- [Your objective] Starting at the line that contains "The image shows 29", copy every line through the end of the records below exactly as written, leaving out pictures.

Data excerpts

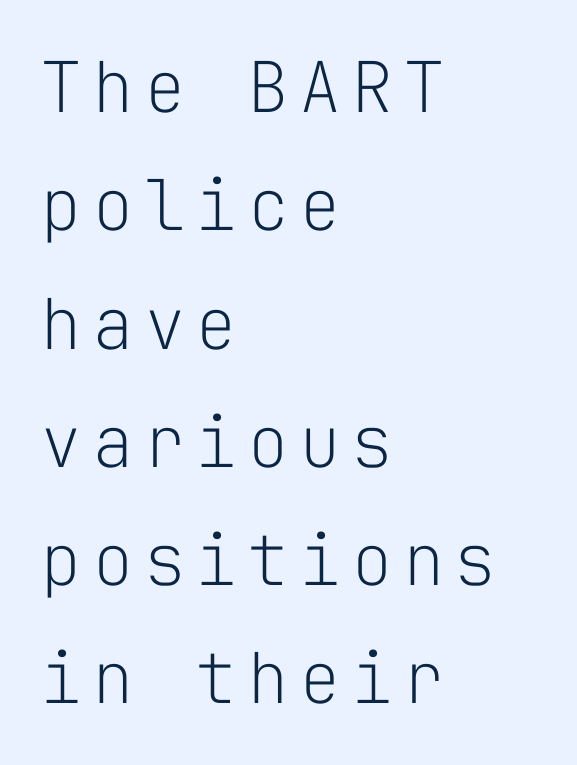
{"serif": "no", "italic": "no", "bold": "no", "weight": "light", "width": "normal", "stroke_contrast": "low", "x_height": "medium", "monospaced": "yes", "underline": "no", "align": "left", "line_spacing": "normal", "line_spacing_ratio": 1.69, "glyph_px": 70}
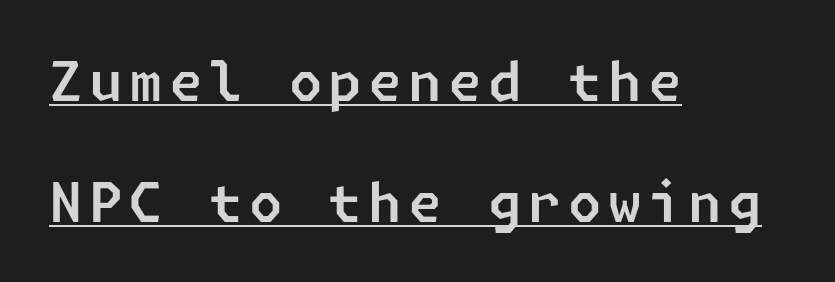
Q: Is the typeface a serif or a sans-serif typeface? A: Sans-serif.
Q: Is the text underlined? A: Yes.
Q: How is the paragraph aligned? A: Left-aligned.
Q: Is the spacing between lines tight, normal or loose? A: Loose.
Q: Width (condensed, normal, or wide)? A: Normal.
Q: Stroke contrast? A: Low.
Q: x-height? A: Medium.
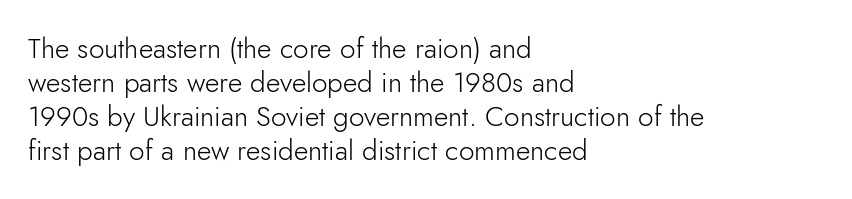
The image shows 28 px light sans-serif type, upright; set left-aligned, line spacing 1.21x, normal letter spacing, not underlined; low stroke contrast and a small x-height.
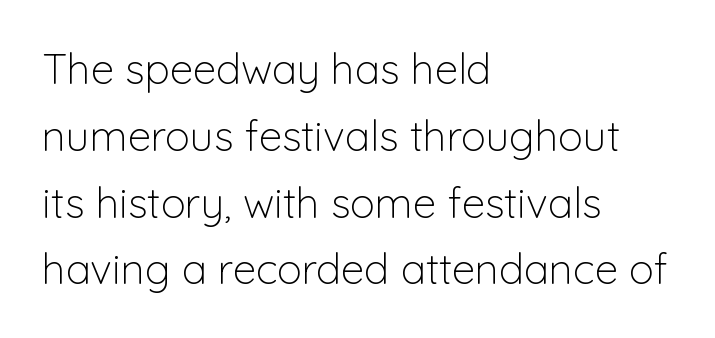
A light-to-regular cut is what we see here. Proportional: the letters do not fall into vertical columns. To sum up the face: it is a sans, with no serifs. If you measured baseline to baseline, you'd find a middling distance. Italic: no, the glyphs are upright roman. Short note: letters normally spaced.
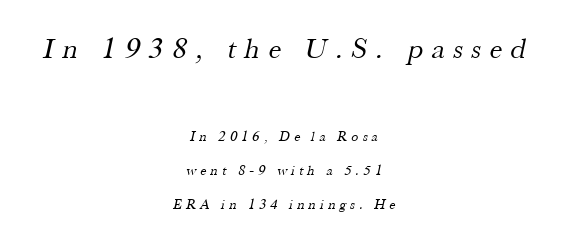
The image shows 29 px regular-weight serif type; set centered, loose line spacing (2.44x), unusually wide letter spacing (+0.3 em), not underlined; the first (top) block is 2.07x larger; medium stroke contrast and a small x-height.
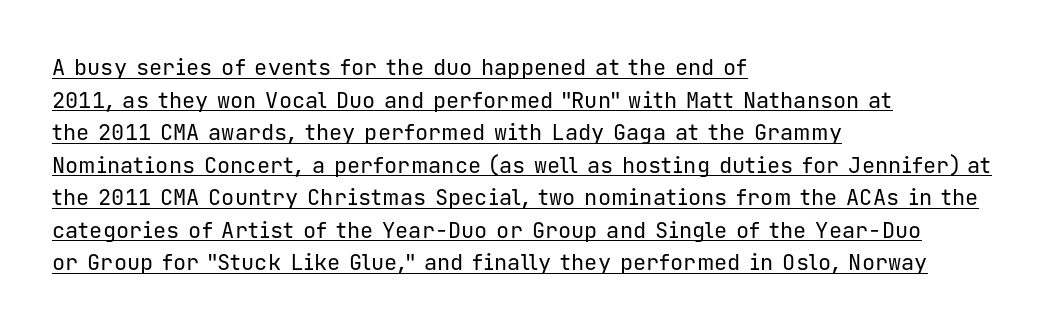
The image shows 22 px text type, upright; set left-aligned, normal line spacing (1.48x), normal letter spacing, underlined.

- [Solved problem]
The image shows 29 px regular-weight serif type; set centered, loose line spacing (2.44x), unusually wide letter spacing (+0.3 em), not underlined; the first (top) block is 2.07x larger; medium stroke contrast and a small x-height.
The image shows 22 px text type, upright; set left-aligned, normal line spacing (1.48x), normal letter spacing, underlined.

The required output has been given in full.